PROBLEM TO WORK ON
Omit any picture, and return the remaining data exactly as written.

[Opening DATASET EXTRACT section]

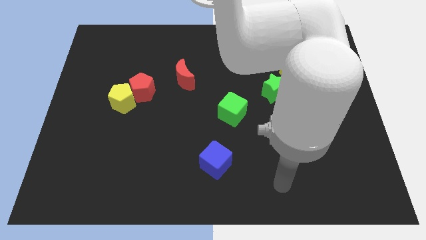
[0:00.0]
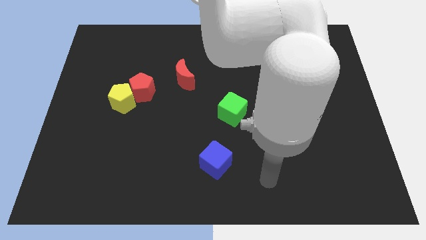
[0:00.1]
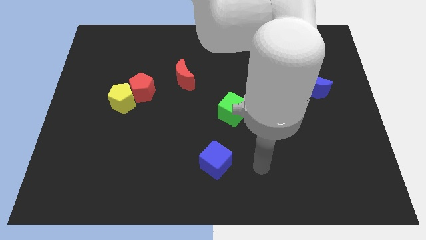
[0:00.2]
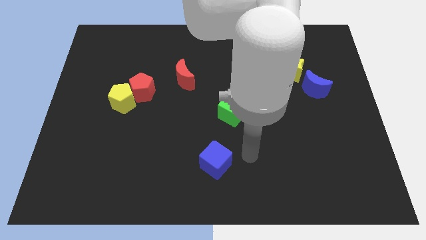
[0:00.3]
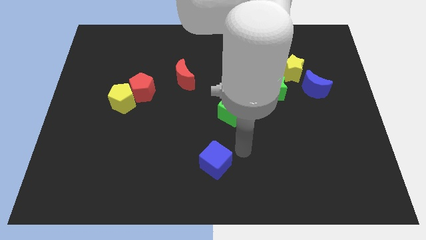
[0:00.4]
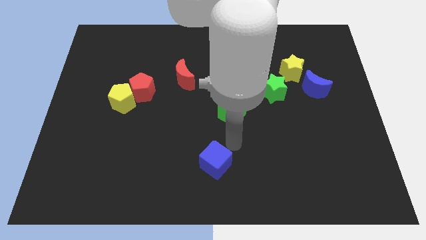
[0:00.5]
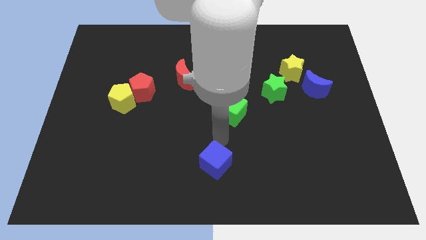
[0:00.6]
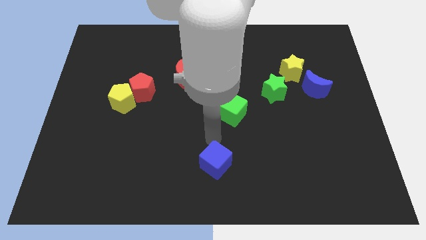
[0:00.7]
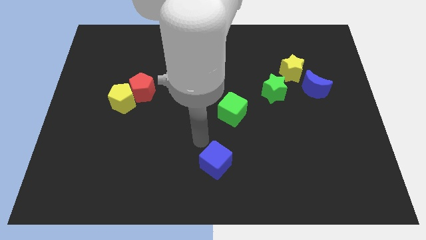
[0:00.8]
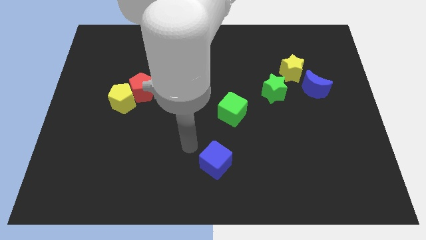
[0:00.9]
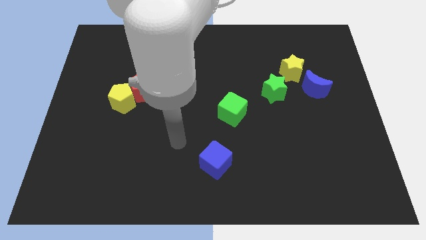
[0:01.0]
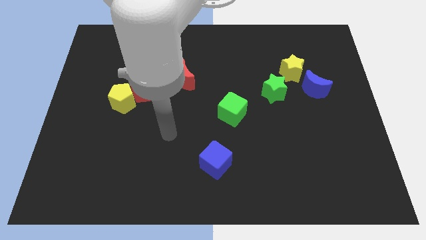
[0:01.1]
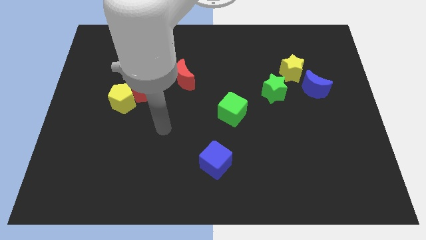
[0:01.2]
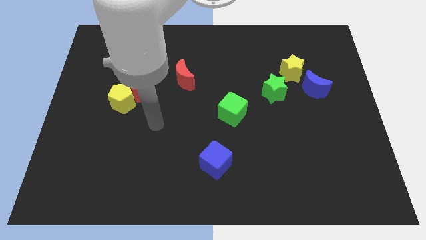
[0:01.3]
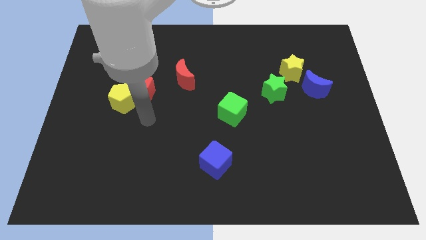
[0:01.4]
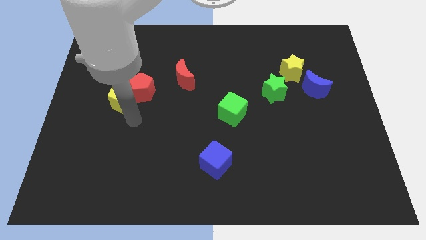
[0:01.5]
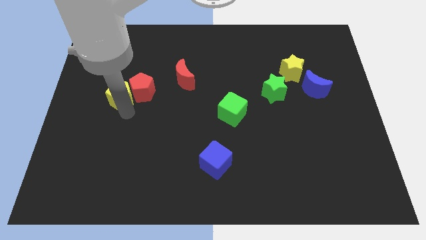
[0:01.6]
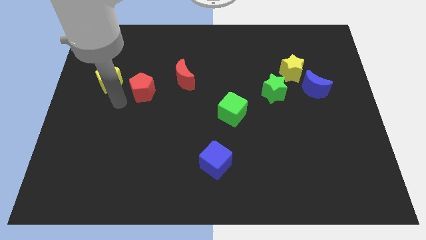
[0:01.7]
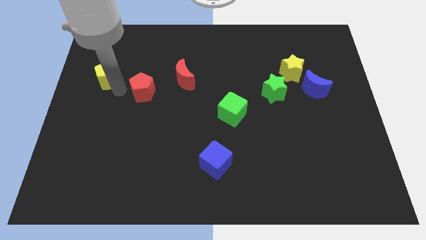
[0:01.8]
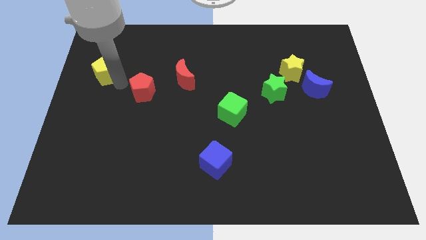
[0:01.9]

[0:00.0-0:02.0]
separate the red pentagon from the yellow pentagon

[Closing DATASET EXTRACT section]

REPLY
[0:00.0]
[0:00.1]
[0:00.2]
[0:00.3]
[0:00.4]
[0:00.5]
[0:00.6]
[0:00.7]
[0:00.8]
[0:00.9]
[0:01.0]
[0:01.1]
[0:01.2]
[0:01.3]
[0:01.4]
[0:01.5]
[0:01.6]
[0:01.7]
[0:01.8]
[0:01.9]

[0:00.0-0:02.0]
separate the red pentagon from the yellow pentagon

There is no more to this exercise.